The Civil Procedure Rules which lay down the processes and procedures governing civil actions in England and Wales have a lot to say about Alternative Dispute Resolution, or ADR. Section 1.1 of the CPR lays down their overriding objective which is to ‘deal with cases justly and at proportionate cost.’It goes on to state that factors to be considered, which are the need to avoid expense, the financial positions of the parties, and the need to deal with issues expeditiously. The parties to the dispute are placed under a general duty to assist the Court in delivering the overriding objective (CPR 1.3), and the Courts, in actively managing the cases before it, are directed to ‘…encourage the parties to use alternative dispute resolution (ADR) procedure if the court considers that appropriate…’ (CPR 1.4(2)(e)).
Initially, the way in which the Courts would interpret the direction and guidance contained in these two sections of the CPR was unclear, but three cases in particular stand out as indicating the approach which they are taking, and the behaviour that they are expecting from the disputing parties and their legal teams, and the part that mediation should play in the process.
The first case was Shirayama Shokusan Co v Danovo Ltd [2003]. In that case, it was held that the Courts have the authority to compel parties to enter into some form of alternative dispute resolution, even when one party is an unwilling participant. The Court’s decision notwithstanding, it is a rule seldom followed, probably in recognition of the fact that a participant in a mediation session or other form of ADR who has been forced to attend is unlikely to approach the process with a frame of mind conducive to finding a resolution to the dispute.
The second case was Halsey v Milton Keynes NHS Trust [2004], and this is generally regarded as the single most important case concerning whether or not parties to a dispute should attempt mediation. The Court recognised the potential benefits in terms of time and cost that mediation brings, but observed that it will not always be appropriate in every case. The issue before the court was about costs. Generally speaking, the loser in any trial is ordered to pay the winner’s costs unless there are sound reasons why that would be unjust.
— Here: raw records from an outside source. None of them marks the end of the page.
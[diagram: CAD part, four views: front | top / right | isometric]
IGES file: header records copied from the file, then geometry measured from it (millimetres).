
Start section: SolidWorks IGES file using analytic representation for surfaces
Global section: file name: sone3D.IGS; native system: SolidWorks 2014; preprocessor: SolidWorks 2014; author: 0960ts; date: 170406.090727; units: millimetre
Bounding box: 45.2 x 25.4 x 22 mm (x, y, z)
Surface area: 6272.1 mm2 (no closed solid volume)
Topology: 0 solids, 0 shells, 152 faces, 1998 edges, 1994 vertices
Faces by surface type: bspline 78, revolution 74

In Halsey, the court held that the loser might be excused from meeting the winner’s costs if he or she could show that the winner refused to attempt to mediate the issue, and that the refusal was unreasonable. Evidence that the refusal was reasonable might be found if any of a number of different circumstances applied:
- The nature of the dispute between the parties was unsuitable for ADR, recognising that not all disputes are suitable for mediation;
- A reasonably held belief by the eventual winner that his or her case was absolutely unassailable;
- Evidence that the eventual winner had attempted other means of resolving the dispute short of trial;
- Whether, in a low value action, the costs of mediation or other form of ADR would have been disproportionate;
- The offer to mediate was made at the very last moment and just before a trial, which would have caused unnecessary disruption;
- ADR had no realistic chance of success; and
- Where the court had not encouraged the use of ADR.
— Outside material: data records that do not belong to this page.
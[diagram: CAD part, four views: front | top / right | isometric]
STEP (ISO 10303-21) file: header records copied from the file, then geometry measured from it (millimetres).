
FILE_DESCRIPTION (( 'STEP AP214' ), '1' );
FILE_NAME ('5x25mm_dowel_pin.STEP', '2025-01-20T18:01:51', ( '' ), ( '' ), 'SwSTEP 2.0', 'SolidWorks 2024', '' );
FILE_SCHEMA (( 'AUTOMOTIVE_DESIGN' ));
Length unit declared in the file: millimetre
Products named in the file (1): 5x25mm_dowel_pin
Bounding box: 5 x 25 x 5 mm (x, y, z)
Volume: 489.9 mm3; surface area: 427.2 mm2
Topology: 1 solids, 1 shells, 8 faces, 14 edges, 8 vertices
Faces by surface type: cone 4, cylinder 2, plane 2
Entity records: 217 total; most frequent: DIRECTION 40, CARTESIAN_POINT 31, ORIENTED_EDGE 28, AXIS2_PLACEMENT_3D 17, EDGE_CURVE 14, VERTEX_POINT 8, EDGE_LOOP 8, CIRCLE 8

In 2013 the Court of Appeal extended the guidelines set out in Halsey v Milton Keynes. Upholding the finding of the High Court, the Court of Appeal in the case of PGF II SA v OMFS Co [2013] held that not responding at all to an offer of mediation or other form of alternative dispute resolution amounted to unreasonable conduct, and that such conduct could result in the winner of the eventual court case losing his or her general right to have its costs paid by the party that had lost. This was regardless of whether or not a refusal to mediate, had such a refusal been given, would have been reasonable or not.
The Court explained that parties should be open in their reasons for refusal so as to allow differences to be ironed out and the door to mediation to be opened.
It is clear from these three cases that the Courts take their responsibilities to encourage mediation very seriously, and will penalise parties who refuse to take part.